# Work instruction
With the images omitted, return all of the entries exactly as they stand.

# Available data

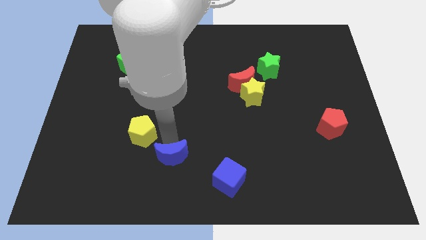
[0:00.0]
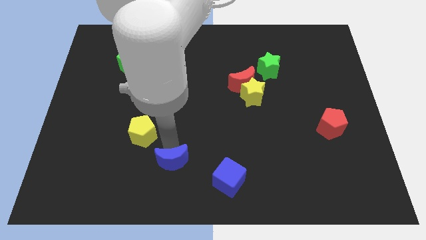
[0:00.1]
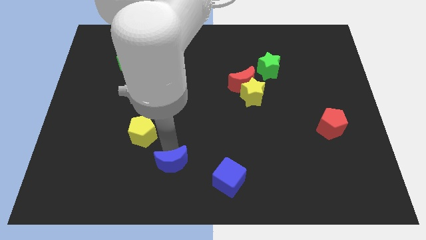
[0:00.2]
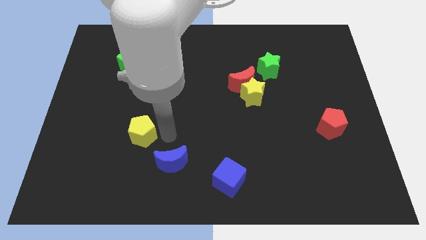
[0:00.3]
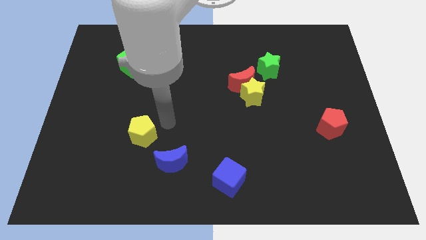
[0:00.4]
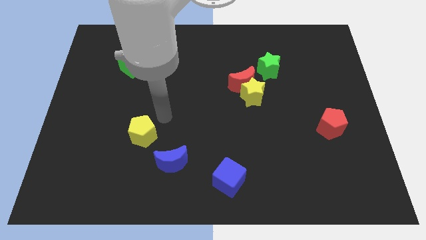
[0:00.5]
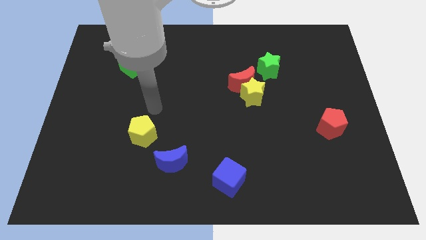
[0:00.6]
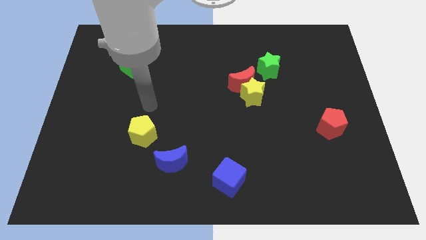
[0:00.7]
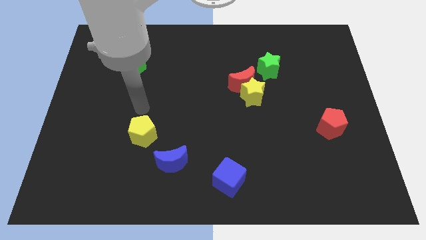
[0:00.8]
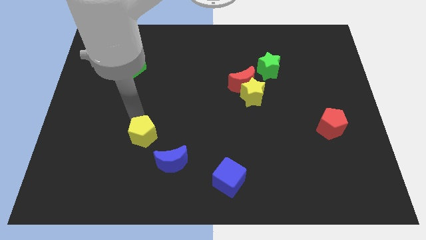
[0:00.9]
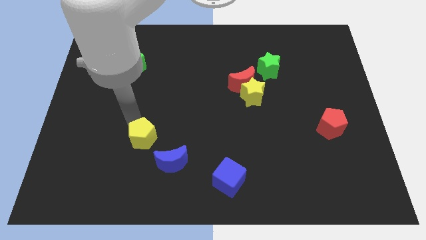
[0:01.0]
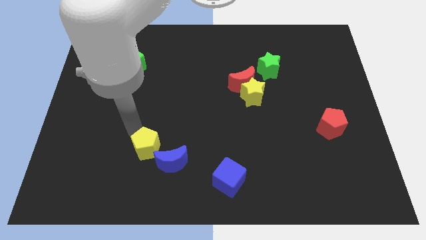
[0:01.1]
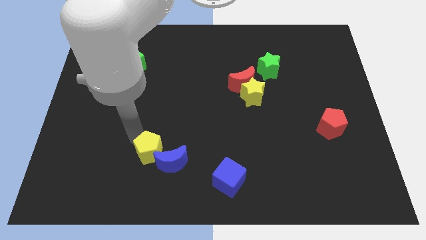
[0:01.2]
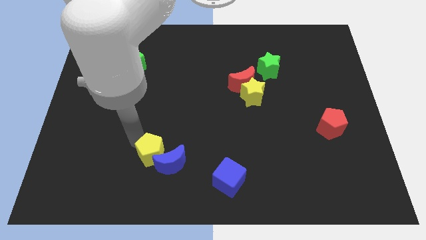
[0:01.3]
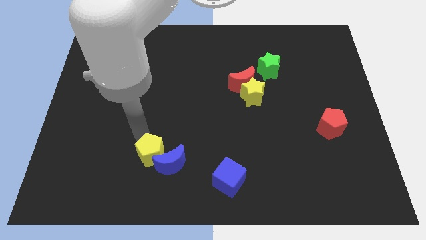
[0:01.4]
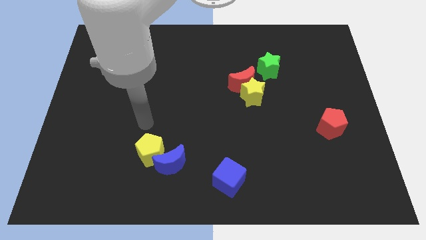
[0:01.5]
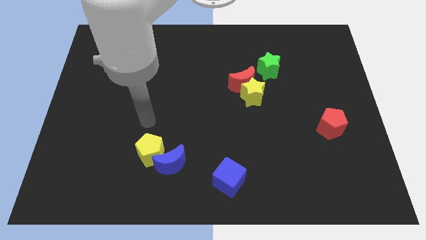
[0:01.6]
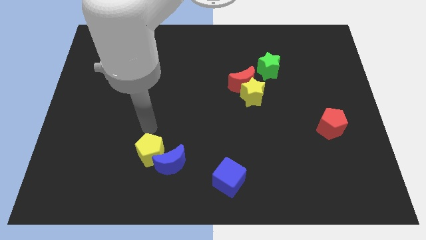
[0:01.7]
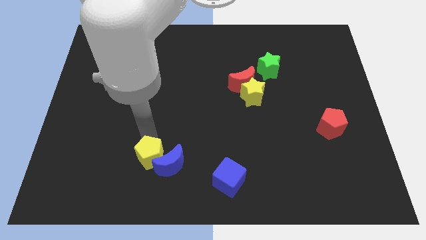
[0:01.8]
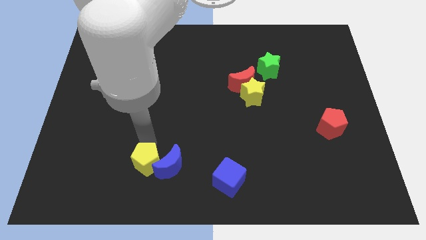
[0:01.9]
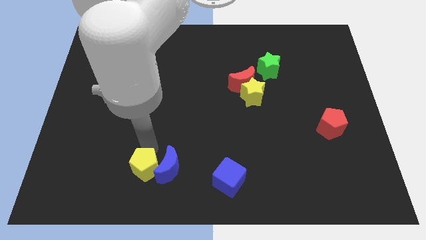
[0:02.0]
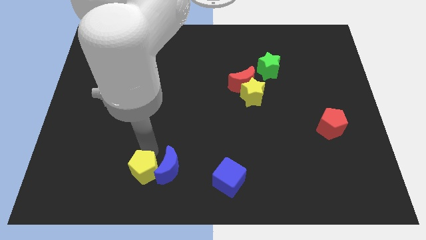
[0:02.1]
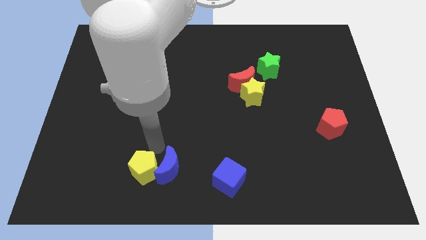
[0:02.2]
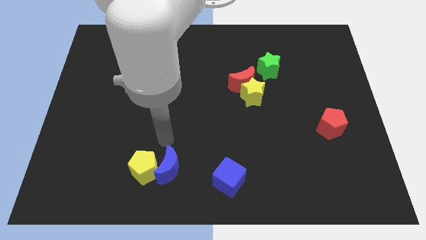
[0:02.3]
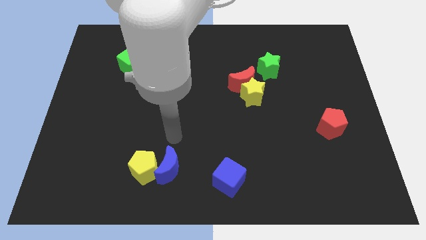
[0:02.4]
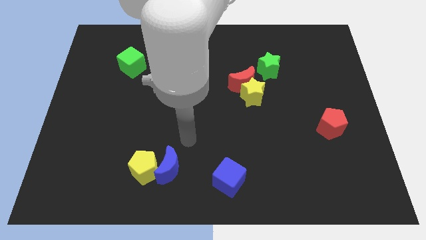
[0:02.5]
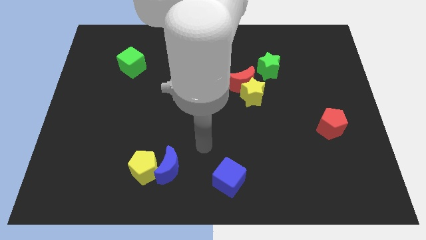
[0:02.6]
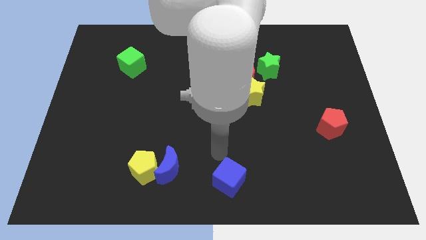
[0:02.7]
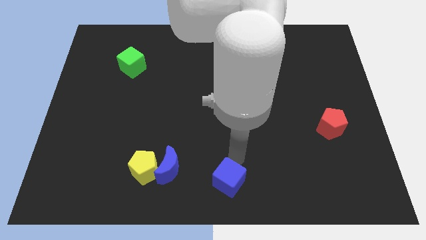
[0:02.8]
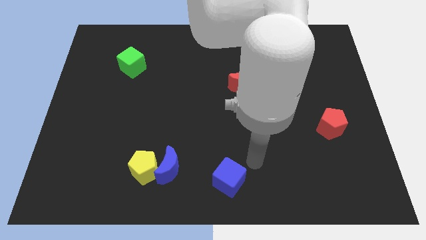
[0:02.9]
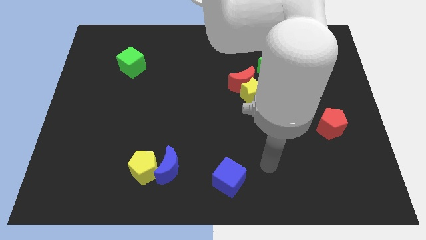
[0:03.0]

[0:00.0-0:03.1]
move yellow pentagon close to the blue moon

# Written response
[0:00.0]
[0:00.1]
[0:00.2]
[0:00.3]
[0:00.4]
[0:00.5]
[0:00.6]
[0:00.7]
[0:00.8]
[0:00.9]
[0:01.0]
[0:01.1]
[0:01.2]
[0:01.3]
[0:01.4]
[0:01.5]
[0:01.6]
[0:01.7]
[0:01.8]
[0:01.9]
[0:02.0]
[0:02.1]
[0:02.2]
[0:02.3]
[0:02.4]
[0:02.5]
[0:02.6]
[0:02.7]
[0:02.8]
[0:02.9]
[0:03.0]

[0:00.0-0:03.1]
move yellow pentagon close to the blue moon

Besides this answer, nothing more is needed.